Adrien Treuille: That's exactly

Steve Hamm: way to see it? Okay,

Adrien Treuille: That's exactly right. Yeah.

Steve Hamm: see why that could change society. I mean, it's really, when we look at all the phases of automation in human history, it's kind of the next huge advance and it's, and it's not the advance that some people worried about, oh, machines are gonna do all our thinking for us.

It's really the machine as an, as an a really powerful assistant. It looks.

Adrien Treuille: Yes. And, and, and, and the machine. As a powerful, uh, sense organ. Uh, I think that, that looking back on it, you're exactly right. We won't say, uh, oh wow. The, the, the computers, uh, just, just think for us may, maybe in the long run, they'll think for us too, but I think it's a little [00:24:00] bit like astronomy, like the, the can see deeper and deeper and deeper and deeper into the cosmos and with more and more detail, everything around us and.
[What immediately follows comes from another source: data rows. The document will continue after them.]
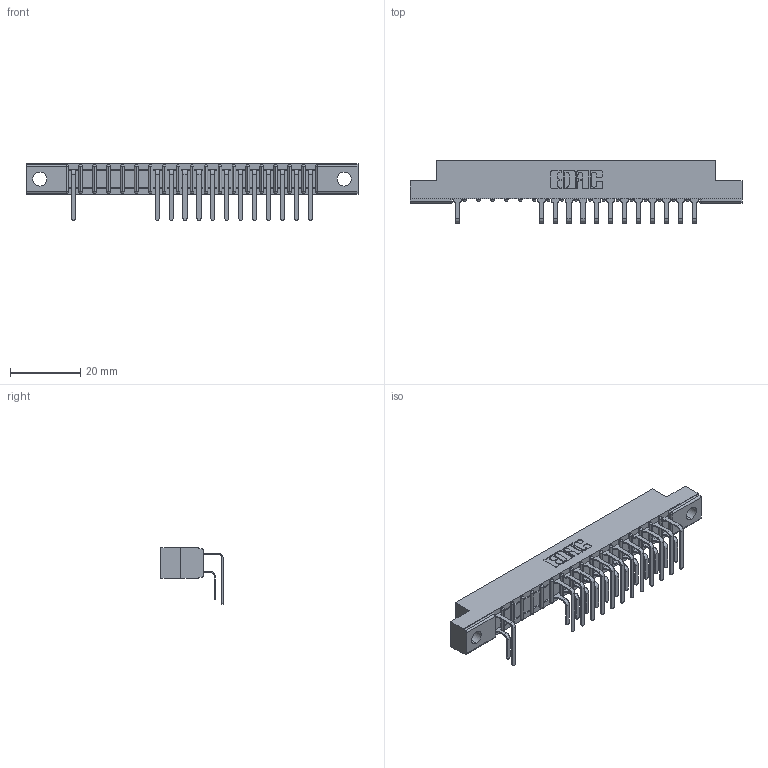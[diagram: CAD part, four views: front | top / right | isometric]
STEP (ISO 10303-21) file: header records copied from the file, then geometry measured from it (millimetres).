
FILE_DESCRIPTION (( 'STEP AP203' ), '1' );
FILE_NAME ('357-018-559-104.STEP', '2018-08-08T04:46:14', ( '' ), ( '' ), 'SwSTEP 2.0', 'SolidWorks 2016', '' );
FILE_SCHEMA (( 'CONFIG_CONTROL_DESIGN' ));
Length unit declared in the file: inch
Products named in the file (4): 307-290-001_559 - 2 (Single); 357-018-559-104; 307 Part_.156 Dia Mounting Holes; 307-290-001_558 559 - 1 (Single)
Assembly tree (27 placements, depth 2):
  357-018-559-104
    307 Part_.156 Dia Mounting Holes
    307-290-001_558 559 - 1 (Single)  x13
    307-290-001_559 - 2 (Single)  x13
Bounding box: 94.34 x 17.69 x 16.08 mm (x, y, z)
Volume: 6050.8 mm3; surface area: 10251.4 mm2
Topology: 27 solids, 27 shells, 1551 faces, 4371 edges, 2826 vertices
Faces by surface type: plane 1002, cylinder 511, sphere 38
Entity records: 20511 total; most frequent: CARTESIAN_POINT 3412, ORIENTED_EDGE 3386, DIRECTION 3333, EDGE_CURVE 1693, VECTOR 1295, LINE 1295, VERTEX_POINT 1098, AXIS2_PLACEMENT_3D 1019

That's similar to what's happening machine today. Suddenly our ability to sense and see the world it's like blinders were taken off and we can count and see a million new things that weren't possible before.

Steve Hamm: Yeah. That is a beautiful vision, sir. Thank. I hope it becomes true, you know,

Adrien Treuille: Thank you.

Steve Hamm: yeah. You know, we're coming to the end of our podcast. And typically at the end, we, we try to end on a, on a lighter note, ask a, a more personal question. And, you know, we we've talked obviously, and you know, a lot of people love to hear the stories of the beginning of something of a, of an invention of a big idea, the aha moment.
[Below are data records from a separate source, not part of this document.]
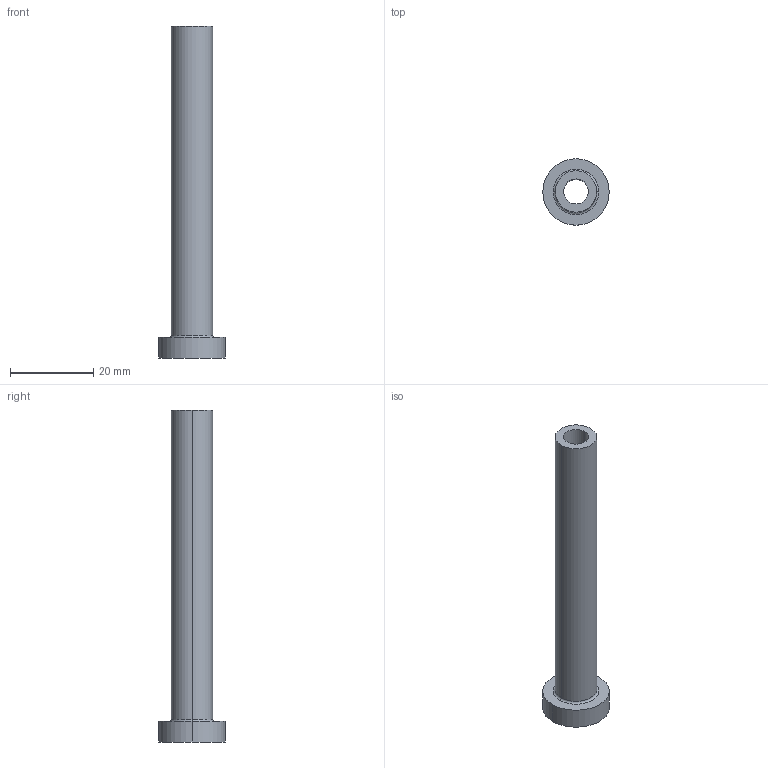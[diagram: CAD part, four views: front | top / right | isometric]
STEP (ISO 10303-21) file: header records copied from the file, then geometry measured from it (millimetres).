
FILE_DESCRIPTION (( 'STEP AP203' ), '1' );
FILE_NAME ('0431.STEP', '2022-07-10T09:07:36', ( '' ), ( '' ), 'SwSTEP 2.0', 'SolidWorks 2019', '' );
FILE_SCHEMA (( 'CONFIG_CONTROL_DESIGN' ));
Length unit declared in the file: millimetre
Products named in the file (1): 0431
Bounding box: 16 x 16 x 80 mm (x, y, z)
Volume: 4635.6 mm3; surface area: 4454.4 mm2
Topology: 1 solids, 1 shells, 11 faces, 22 edges, 14 vertices
Faces by surface type: cylinder 6, plane 3, torus 2
Entity records: 377 total; most frequent: DIRECTION 62, CARTESIAN_POINT 48, ORIENTED_EDGE 44, AXIS2_PLACEMENT_3D 28, EDGE_CURVE 22, CIRCLE 16, EDGE_LOOP 14, VERTEX_POINT 14
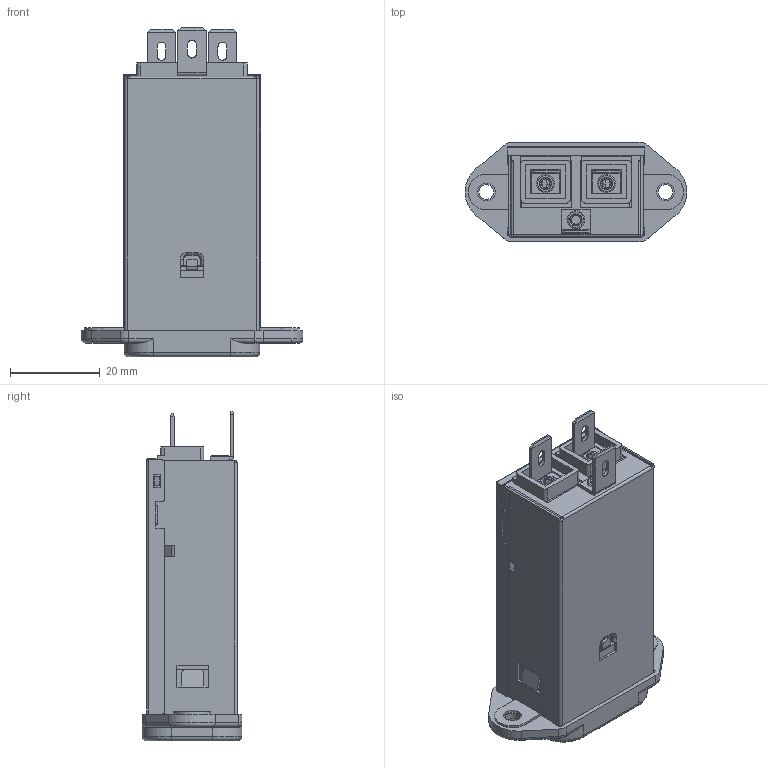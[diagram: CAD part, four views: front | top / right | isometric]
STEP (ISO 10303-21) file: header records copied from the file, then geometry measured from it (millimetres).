
FILE_DESCRIPTION (( 'STEP AP203' ), '1' );
FILE_NAME ('NEW SE.STEP', '2017-07-27T01:48:08', ( 'Delta' ), ( '' ), 'SwSTEP 2.0', 'SolidWorks 2011', '' );
FILE_SCHEMA (( 'CONFIG_CONTROL_DESIGN' ));
Length unit declared in the file: millimetre
Products named in the file (12): NEW SE; REVIT-2.8X2.5; REVIT-2.3X2.5; 335019020000; 3240150300; GEEG3K CASE  COVER L57; GEEG3K CASE-L56.6; G TERMINAL2; 3030060200; 3350160800; 3350160900
Assembly tree (15 placements, depth 3):
  NEW SE
    335019020000  x3
    3030060200
      3350160900  x2
      3030060200
      3350160800
    REVIT-2.3X2.5  x2
    GEEG3K CASE-L56.6
    G TERMINAL2
    3240150300
    REVIT-2.8X2.5
    GEEG3K CASE  COVER L57
Bounding box: 49.48 x 22.3 x 73.6 mm (x, y, z)
Volume: 9842.5 mm3; surface area: 22153.5 mm2
Topology: 14 solids, 14 shells, 1172 faces, 2987 edges, 1897 vertices
Faces by surface type: plane 772, cylinder 270, bspline 73, torus 53, cone 4
Entity records: 37799 total; most frequent: CARTESIAN_POINT 10378, ORIENTED_EDGE 5506, DIRECTION 5173, EDGE_CURVE 2753, VECTOR 2053, LINE 2053, VERTEX_POINT 1753, AXIS2_PLACEMENT_3D 1560

And I know that you have a really good story first streamlet. So would you please tell.

Adrien Treuille: Yeah, my, uh, very brilliant friend. [00:25:00] Lucas BWA said, Hey, Adrian. You know, it would be really fun if we went off into the woods and coded neural nets together. And, uh, so we went off into the woods and we rented an Airbnb cabin and we took our laptops and we started coding on neural nets together, which, uh, was really fun.

And, um, and out of that cabin, uh, in the woods, Came two of the biggest, most, you know, most recently biggest companies in the machine learning infrastructure space. One of them is Lucas's company weights and biases, which does experiment management among many other things. And of course, uh, Our company is stream lit.
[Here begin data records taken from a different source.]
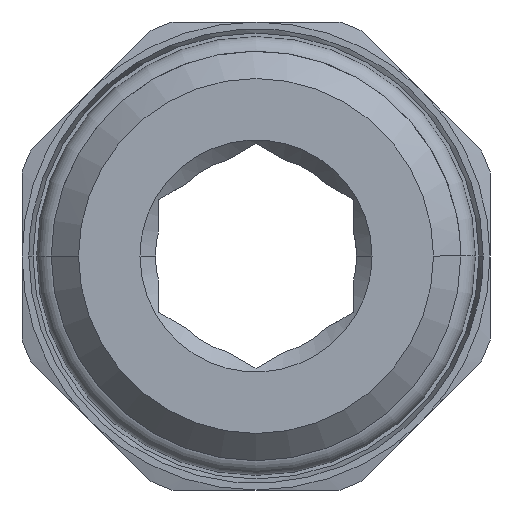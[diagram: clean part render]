
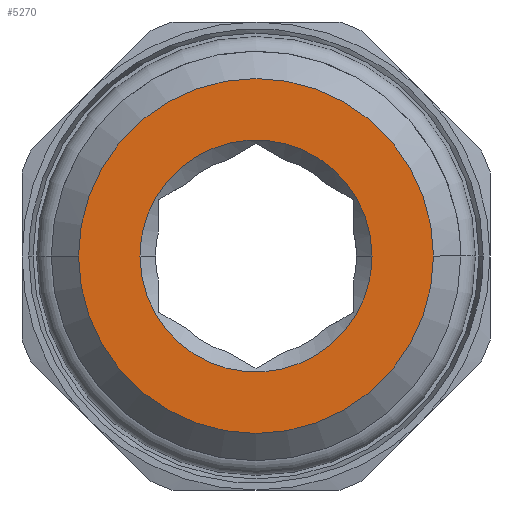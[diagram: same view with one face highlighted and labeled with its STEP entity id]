
A CAD part, front view. The second image highlights one B-rep face of the part: STEP entity #5270.
In plain terms, the highlighted planar face has unit normal (0, -1, 0).
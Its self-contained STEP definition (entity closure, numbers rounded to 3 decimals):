
#5113=CARTESIAN_POINT('Vertex',(9.1,0.,0.)) ;
#5116=CARTESIAN_POINT('Axis2P3D Location',(0.,0.,0.)) ;
#5120=CARTESIAN_POINT('Vertex',(-9.1,0.,0.)) ;
#5140=CARTESIAN_POINT('Axis2P3D Location',(0.,0.,0.)) ;
#5201=CARTESIAN_POINT('Axis2P3D Location',(0.,0.,0.)) ;
#5211=CARTESIAN_POINT('Control Point',(5.95,0.,0.)) ;
#5212=CARTESIAN_POINT('Control Point',(5.95,0.,0.597)) ;
#5213=CARTESIAN_POINT('Control Point',(5.875,0.,1.195)) ;
#5214=CARTESIAN_POINT('Control Point',(5.725,0.,1.78)) ;
#5215=CARTESIAN_POINT('Control Point',(5.281,0.,2.9)) ;
#5216=CARTESIAN_POINT('Control Point',(4.575,0.,3.875)) ;
#5217=CARTESIAN_POINT('Control Point',(4.162,0.,4.315)) ;
#5218=CARTESIAN_POINT('Control Point',(3.234,0.,5.083)) ;
#5219=CARTESIAN_POINT('Control Point',(2.145,0.,5.598)) ;
#5220=CARTESIAN_POINT('Control Point',(1.571,0.,5.786)) ;
#5221=CARTESIAN_POINT('Control Point',(0.388,0.,6.012)) ;
#5222=CARTESIAN_POINT('Control Point',(-0.814,0.,5.94)) ;
#5223=CARTESIAN_POINT('Control Point',(-1.407,0.,5.828)) ;
#5224=CARTESIAN_POINT('Control Point',(-2.553,0.,5.457)) ;
#5225=CARTESIAN_POINT('Control Point',(-3.572,0.,4.815)) ;
#5226=CARTESIAN_POINT('Control Point',(-4.038,0.,4.431)) ;
#5227=CARTESIAN_POINT('Control Point',(-4.864,0.,3.555)) ;
#5228=CARTESIAN_POINT('Control Point',(-5.448,0.,2.502)) ;
#5229=CARTESIAN_POINT('Control Point',(-5.672,0.,1.941)) ;
#5230=CARTESIAN_POINT('Control Point',(-5.863,0.,1.208)) ;
#5231=CARTESIAN_POINT('Control Point',(-5.935,0.,0.46)) ;
#5232=CARTESIAN_POINT('Control Point',(-5.945,0.,0.307)) ;
#5233=CARTESIAN_POINT('Control Point',(-5.95,0.,0.153)) ;
#5234=CARTESIAN_POINT('Control Point',(-5.95,0.,0.)) ;
#5235=CARTESIAN_POINT('Vertex',(5.95,0.,0.)) ;
#5237=CARTESIAN_POINT('Vertex',(-5.95,0.,0.)) ;
#5241=CARTESIAN_POINT('Control Point',(-5.95,0.,0.)) ;
#5242=CARTESIAN_POINT('Control Point',(-5.95,0.,-0.597)) ;
#5243=CARTESIAN_POINT('Control Point',(-5.875,0.,-1.195)) ;
#5244=CARTESIAN_POINT('Control Point',(-5.725,0.,-1.78)) ;
#5245=CARTESIAN_POINT('Control Point',(-5.281,0.,-2.9)) ;
#5246=CARTESIAN_POINT('Control Point',(-4.575,0.,-3.875)) ;
#5247=CARTESIAN_POINT('Control Point',(-4.162,0.,-4.315)) ;
#5248=CARTESIAN_POINT('Control Point',(-3.234,0.,-5.083)) ;
#5249=CARTESIAN_POINT('Control Point',(-2.145,0.,-5.598)) ;
#5250=CARTESIAN_POINT('Control Point',(-1.571,0.,-5.786)) ;
#5251=CARTESIAN_POINT('Control Point',(-0.388,0.,-6.012)) ;
#5252=CARTESIAN_POINT('Control Point',(0.814,0.,-5.94)) ;
#5253=CARTESIAN_POINT('Control Point',(1.407,0.,-5.828)) ;
#5254=CARTESIAN_POINT('Control Point',(2.553,0.,-5.457)) ;
#5255=CARTESIAN_POINT('Control Point',(3.572,0.,-4.815)) ;
#5256=CARTESIAN_POINT('Control Point',(4.038,0.,-4.431)) ;
#5257=CARTESIAN_POINT('Control Point',(4.864,0.,-3.555)) ;
#5258=CARTESIAN_POINT('Control Point',(5.448,0.,-2.502)) ;
#5259=CARTESIAN_POINT('Control Point',(5.672,0.,-1.941)) ;
#5260=CARTESIAN_POINT('Control Point',(5.863,0.,-1.208)) ;
#5261=CARTESIAN_POINT('Control Point',(5.935,0.,-0.46)) ;
#5262=CARTESIAN_POINT('Control Point',(5.945,0.,-0.307)) ;
#5263=CARTESIAN_POINT('Control Point',(5.95,0.,-0.153)) ;
#5264=CARTESIAN_POINT('Control Point',(5.95,0.,0.)) ;
#5117=DIRECTION('Axis2P3D Direction',(-0.,1.,0.)) ;
#5141=DIRECTION('Axis2P3D Direction',(-0.,1.,0.)) ;
#5202=DIRECTION('Axis2P3D Direction',(-0.,1.,0.)) ;
#5203=DIRECTION('Axis2P3D XDirection',(1.,0.,0.)) ;
#5118=AXIS2_PLACEMENT_3D('Circle Axis2P3D',#5116,#5117,$) ;
#5142=AXIS2_PLACEMENT_3D('Circle Axis2P3D',#5140,#5141,$) ;
#5204=AXIS2_PLACEMENT_3D('Plane Axis2P3D',#5201,#5202,#5203) ;
#5207=ORIENTED_EDGE('',*,*,#5144,.F.) ;
#5208=ORIENTED_EDGE('',*,*,#5122,.T.) ;
#5267=ORIENTED_EDGE('',*,*,#5239,.F.) ;
#5268=ORIENTED_EDGE('',*,*,#5265,.F.) ;
#5269=FACE_BOUND('',#5266,.T.) ;
#5270=ADVANCED_FACE('PN511B-12G12',(#5209,#5269),#5205,.F.) ;
#5210=B_SPLINE_CURVE_WITH_KNOTS('',5,(#5211,#5212,#5213,#5214,#5215,#5216,#5217,#5218,#5219,#5220,#5221,#5222,#5223,#5224,#5225,#5226,#5227,#5228,#5229,#5230,#5231,#5232,#5233,#5234),.UNSPECIFIED.,.F.,.U.,(6,3,3,3,3,3,3,6),(0.,4.225,8.45,12.675,16.9,21.124,25.349,26.434),.UNSPECIFIED.) ;
#5240=B_SPLINE_CURVE_WITH_KNOTS('',5,(#5241,#5242,#5243,#5244,#5245,#5246,#5247,#5248,#5249,#5250,#5251,#5252,#5253,#5254,#5255,#5256,#5257,#5258,#5259,#5260,#5261,#5262,#5263,#5264),.UNSPECIFIED.,.F.,.U.,(6,3,3,3,3,3,3,6),(0.,4.225,8.45,12.675,16.9,21.124,25.349,26.434),.UNSPECIFIED.) ;
#5119=CIRCLE('generated circle',#5118,9.1) ;
#5143=CIRCLE('generated circle',#5142,9.1) ;
#5122=EDGE_CURVE('',#5121,#5114,#5119,.F.) ;
#5144=EDGE_CURVE('',#5121,#5114,#5143,.T.) ;
#5239=EDGE_CURVE('',#5236,#5238,#5210,.T.) ;
#5265=EDGE_CURVE('',#5238,#5236,#5240,.T.) ;
#5206=EDGE_LOOP('',(#5207,#5208)) ;
#5266=EDGE_LOOP('',(#5267,#5268)) ;
#5209=FACE_OUTER_BOUND('',#5206,.T.) ;
#5205=PLANE('',#5204) ;
#5114=VERTEX_POINT('',#5113) ;
#5121=VERTEX_POINT('',#5120) ;
#5236=VERTEX_POINT('',#5235) ;
#5238=VERTEX_POINT('',#5237) ;

Uh, and so it's been absolutely, uh, an honor and breathtaking and strange and wonderful and fun to have you and your best friend start company at the same time. And to see them both in parallel, grow so impactful in the world.[00:26:00]

Steve Hamm: well, that's a fantastic story. Thank you so much for that. You know, I think this has been, this has been a great conversation. I mean, I think you've told some good stories. You've told some very practical information for people. And I think for me, and maybe some of the, the more business oriented people, your, your primer on data science and data engineering and Python and, and machine learning, I think that's really valuable.

I mean, I almost feel like we should bust it out and publish it because, you know, I, I read a lot and I read a lot that seems very Mudd. In the press and I think clarity would help everybody. It would help. It would help business users of technology. It would certainly help investors to understand the value of companies and, and what's really going on in the, in the marketplace.

So I wanna thank you so much for this conversation that I, I think it's really valuable.

Adrien Treuille: Thank you so much, Steve. This is, uh, Reese is a real pleasure.